EXERCISE PROMPT:
Entries follow. Give back exactly the lines starting at the one containing "#119 = CARTESIAN_POINT" and ending at the one containing "#155 = DIRECTION", and no other lines.

EXERCISE DATA:

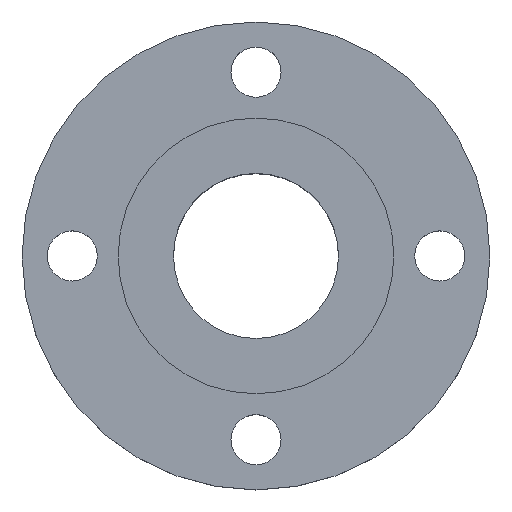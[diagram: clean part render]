
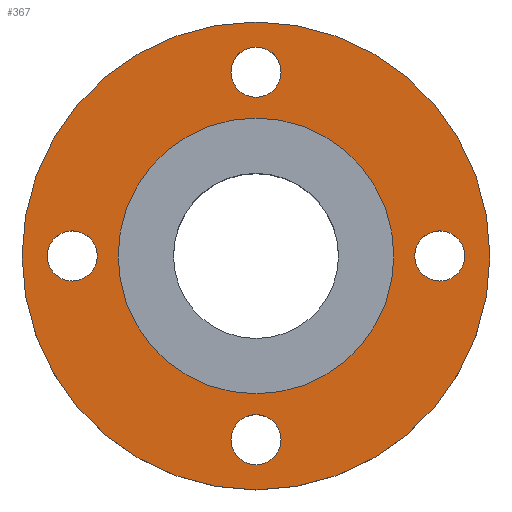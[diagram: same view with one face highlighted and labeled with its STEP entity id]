
A CAD part, top view. The second image highlights one B-rep face of the part: STEP entity #367.
In plain terms, the highlighted planar face has unit normal (0, 0, 1).
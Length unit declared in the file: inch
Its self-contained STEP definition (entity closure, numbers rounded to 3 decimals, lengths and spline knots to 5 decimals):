
#20 = CARTESIAN_POINT ( 'NONE',  ( 0., -2.75, -0.0625 ) ) ;
#22 = CARTESIAN_POINT ( 'NONE',  ( 0.375, 2.75, -0.0625 ) ) ;
#23 = AXIS2_PLACEMENT_3D ( 'NONE', #754, #155, #553 ) ;
#31 = VERTEX_POINT ( 'NONE', #611 ) ;
#34 = ORIENTED_EDGE ( 'NONE', *, *, #383, .F. ) ;
#53 = ORIENTED_EDGE ( 'NONE', *, *, #189, .T. ) ;
#58 = AXIS2_PLACEMENT_3D ( 'NONE', #726, #784, #132 ) ;
#59 = CIRCLE ( 'NONE', #548, 0.375 ) ;
#62 = ORIENTED_EDGE ( 'NONE', *, *, #170, .F. ) ;
#65 = ORIENTED_EDGE ( 'NONE', *, *, #603, .F. ) ;
#69 = VERTEX_POINT ( 'NONE', #215 ) ;
#73 = DIRECTION ( 'NONE',  ( 0., 1., 0. ) ) ;
#86 = VERTEX_POINT ( 'NONE', #466 ) ;
#92 = CARTESIAN_POINT ( 'NONE',  ( 0., -2.75, -0.0625 ) ) ;
#95 = CIRCLE ( 'NONE', #518, 0.375 ) ;
#96 = CIRCLE ( 'NONE', #436, 0.375 ) ;
#98 = FACE_BOUND ( 'NONE', #807, .T. ) ;
#100 = CARTESIAN_POINT ( 'NONE',  ( 2.375, 0., -0.0625 ) ) ;
#103 = EDGE_CURVE ( 'NONE', #279, #200, #653, .T. ) ;
#109 = VERTEX_POINT ( 'NONE', #209 ) ;
#119 = CARTESIAN_POINT ( 'NONE',  ( 2.75, 0., -0.0625 ) ) ;
#121 = ORIENTED_EDGE ( 'NONE', *, *, #801, .F. ) ;
#132 = DIRECTION ( 'NONE',  ( 1., 0., 0. ) ) ;
#155 = DIRECTION ( 'NONE',  ( 0., 0., 1. ) ) ;
#163 = CARTESIAN_POINT ( 'NONE',  ( -3.125, 0., -0.0625 ) ) ;
#165 = AXIS2_PLACEMENT_3D ( 'NONE', #437, #763, #240 ) ;
#170 = EDGE_CURVE ( 'NONE', #69, #412, #828, .T. ) ;
#180 = FACE_BOUND ( 'NONE', #218, .T. ) ;
#184 = PLANE ( 'NONE',  #165 ) ;
#189 = EDGE_CURVE ( 'NONE', #31, #86, #472, .T. ) ;
#191 = CIRCLE ( 'NONE', #284, 0.375 ) ;
#200 = VERTEX_POINT ( 'NONE', #688 ) ;
#209 = CARTESIAN_POINT ( 'NONE',  ( -0.375, 2.75, -0.0625 ) ) ;
#215 = CARTESIAN_POINT ( 'NONE',  ( 0.375, -2.75, -0.0625 ) ) ;
#216 = DIRECTION ( 'NONE',  ( 0., 0., 1. ) ) ;
#218 = EDGE_LOOP ( 'NONE', ( #62, #780 ) ) ;
#219 = CIRCLE ( 'NONE', #814, 0.375 ) ;
#221 = DIRECTION ( 'NONE',  ( 0., 1., 0. ) ) ;
#240 = DIRECTION ( 'NONE',  ( -1., 0., 0. ) ) ;
#257 = AXIS2_PLACEMENT_3D ( 'NONE', #92, #273, #73 ) ;
#273 = DIRECTION ( 'NONE',  ( 0., 0., 1. ) ) ;
#279 = VERTEX_POINT ( 'NONE', #632 ) ;
#281 = DIRECTION ( 'NONE',  ( 0., 0., 1. ) ) ;
#284 = AXIS2_PLACEMENT_3D ( 'NONE', #536, #413, #808 ) ;
#304 = EDGE_LOOP ( 'NONE', ( #121, #493 ) ) ;
#319 = ORIENTED_EDGE ( 'NONE', *, *, #350, .F. ) ;
#350 = EDGE_CURVE ( 'NONE', #583, #797, #59, .T. ) ;
#355 = DIRECTION ( 'NONE',  ( 0., 0., 1. ) ) ;
#358 = DIRECTION ( 'NONE',  ( -1., 0., 0. ) ) ;
#360 = ORIENTED_EDGE ( 'NONE', *, *, #586, .F. ) ;
#367 = ADVANCED_FACE ( 'NONE', ( #489, #774, #180, #705, #98, #840 ), #184, .F. ) ;
#370 = CIRCLE ( 'NONE', #257, 0.375 ) ;
#374 = CARTESIAN_POINT ( 'NONE',  ( 2.75, 0., -0.0625 ) ) ;
#380 = CIRCLE ( 'NONE', #601, 3.5 ) ;
#381 = VERTEX_POINT ( 'NONE', #717 ) ;
#383 = EDGE_CURVE ( 'NONE', #832, #381, #634, .T. ) ;
#385 = EDGE_LOOP ( 'NONE', ( #53, #400 ) ) ;
#387 = DIRECTION ( 'NONE',  ( -1., 0., 0. ) ) ;
#400 = ORIENTED_EDGE ( 'NONE', *, *, #783, .T. ) ;
#405 = CARTESIAN_POINT ( 'NONE',  ( 0., 2.75, -0.0625 ) ) ;
#411 = DIRECTION ( 'NONE',  ( 0., -1., 0. ) ) ;
#412 = VERTEX_POINT ( 'NONE', #584 ) ;
#413 = DIRECTION ( 'NONE',  ( 0., 0., 1. ) ) ;
#416 = CARTESIAN_POINT ( 'NONE',  ( 0., 2.75, -0.0625 ) ) ;
#421 = DIRECTION ( 'NONE',  ( 0., -1., 0. ) ) ;
#425 = DIRECTION ( 'NONE',  ( 0., 0., 1. ) ) ;
#436 = AXIS2_PLACEMENT_3D ( 'NONE', #405, #216, #411 ) ;
#437 = CARTESIAN_POINT ( 'NONE',  ( 0., 2.0625, -0.0625 ) ) ;
#444 = AXIS2_PLACEMENT_3D ( 'NONE', #20, #281, #221 ) ;
#452 = DIRECTION ( 'NONE',  ( 0., 0., 1. ) ) ;
#466 = CARTESIAN_POINT ( 'NONE',  ( -3.5, 0., -0.0625 ) ) ;
#472 = CIRCLE ( 'NONE', #23, 3.5 ) ;
#479 = DIRECTION ( 'NONE',  ( 0., 0., 1. ) ) ;
#488 = EDGE_LOOP ( 'NONE', ( #319, #535 ) ) ;
#489 = FACE_BOUND ( 'NONE', #304, .T. ) ;
#492 = CIRCLE ( 'NONE', #661, 2.0625 ) ;
#493 = ORIENTED_EDGE ( 'NONE', *, *, #750, .F. ) ;
#513 = EDGE_CURVE ( 'NONE', #797, #583, #95, .T. ) ;
#515 = ORIENTED_EDGE ( 'NONE', *, *, #103, .F. ) ;
#518 = AXIS2_PLACEMENT_3D ( 'NONE', #119, #452, #387 ) ;
#535 = ORIENTED_EDGE ( 'NONE', *, *, #513, .F. ) ;
#536 = CARTESIAN_POINT ( 'NONE',  ( -2.75, 0., -0.0625 ) ) ;
#544 = DIRECTION ( 'NONE',  ( 1., 0., 0. ) ) ;
#548 = AXIS2_PLACEMENT_3D ( 'NONE', #374, #425, #358 ) ;
#553 = DIRECTION ( 'NONE',  ( 1., 0., 0. ) ) ;
#583 = VERTEX_POINT ( 'NONE', #609 ) ;
#584 = CARTESIAN_POINT ( 'NONE',  ( -0.375, -2.75, -0.0625 ) ) ;
#586 = EDGE_CURVE ( 'NONE', #381, #832, #191, .T. ) ;
#601 = AXIS2_PLACEMENT_3D ( 'NONE', #620, #684, #670 ) ;
#603 = EDGE_CURVE ( 'NONE', #200, #279, #492, .T. ) ;
#606 = CARTESIAN_POINT ( 'NONE',  ( 0., 0., -0.0625 ) ) ;
#609 = CARTESIAN_POINT ( 'NONE',  ( 3.125, 0., -0.0625 ) ) ;
#611 = CARTESIAN_POINT ( 'NONE',  ( 3.5, 0., -0.0625 ) ) ;
#620 = CARTESIAN_POINT ( 'NONE',  ( 0., 0., -0.0625 ) ) ;
#632 = CARTESIAN_POINT ( 'NONE',  ( -2.0625, 0., -0.0625 ) ) ;
#634 = CIRCLE ( 'NONE', #58, 0.375 ) ;
#653 = CIRCLE ( 'NONE', #768, 2.0625 ) ;
#661 = AXIS2_PLACEMENT_3D ( 'NONE', #687, #681, #544 ) ;
#670 = DIRECTION ( 'NONE',  ( 1., 0., 0. ) ) ;
#681 = DIRECTION ( 'NONE',  ( 0., 0., 1. ) ) ;
#684 = DIRECTION ( 'NONE',  ( 0., 0., 1. ) ) ;
#687 = CARTESIAN_POINT ( 'NONE',  ( 0., 0., -0.0625 ) ) ;
#688 = CARTESIAN_POINT ( 'NONE',  ( 2.0625, 0., -0.0625 ) ) ;
#705 = FACE_BOUND ( 'NONE', #725, .T. ) ;
#717 = CARTESIAN_POINT ( 'NONE',  ( -2.375, 0., -0.0625 ) ) ;
#725 = EDGE_LOOP ( 'NONE', ( #360, #34 ) ) ;
#726 = CARTESIAN_POINT ( 'NONE',  ( -2.75, 0., -0.0625 ) ) ;
#750 = EDGE_CURVE ( 'NONE', #109, #850, #219, .T. ) ;
#754 = CARTESIAN_POINT ( 'NONE',  ( 0., 0., -0.0625 ) ) ;
#763 = DIRECTION ( 'NONE',  ( 0., 0., -1. ) ) ;
#768 = AXIS2_PLACEMENT_3D ( 'NONE', #606, #479, #809 ) ;
#774 = FACE_BOUND ( 'NONE', #488, .T. ) ;
#780 = ORIENTED_EDGE ( 'NONE', *, *, #851, .F. ) ;
#783 = EDGE_CURVE ( 'NONE', #86, #31, #380, .T. ) ;
#784 = DIRECTION ( 'NONE',  ( 0., 0., 1. ) ) ;
#797 = VERTEX_POINT ( 'NONE', #100 ) ;
#801 = EDGE_CURVE ( 'NONE', #850, #109, #96, .T. ) ;
#807 = EDGE_LOOP ( 'NONE', ( #65, #515 ) ) ;
#808 = DIRECTION ( 'NONE',  ( 1., 0., 0. ) ) ;
#809 = DIRECTION ( 'NONE',  ( 1., 0., 0. ) ) ;
#814 = AXIS2_PLACEMENT_3D ( 'NONE', #416, #355, #421 ) ;
#828 = CIRCLE ( 'NONE', #444, 0.375 ) ;
#832 = VERTEX_POINT ( 'NONE', #163 ) ;
#840 = FACE_OUTER_BOUND ( 'NONE', #385, .T. ) ;
#850 = VERTEX_POINT ( 'NONE', #22 ) ;
#851 = EDGE_CURVE ( 'NONE', #412, #69, #370, .T. ) ;

ANSWER TO THE EXERCISE:
#119 = CARTESIAN_POINT ( 'NONE',  ( 2.75, 0., -0.0625 ) ) ;
#121 = ORIENTED_EDGE ( 'NONE', *, *, #801, .F. ) ;
#132 = DIRECTION ( 'NONE',  ( 1., 0., 0. ) ) ;
#155 = DIRECTION ( 'NONE',  ( 0., 0., 1. ) ) ;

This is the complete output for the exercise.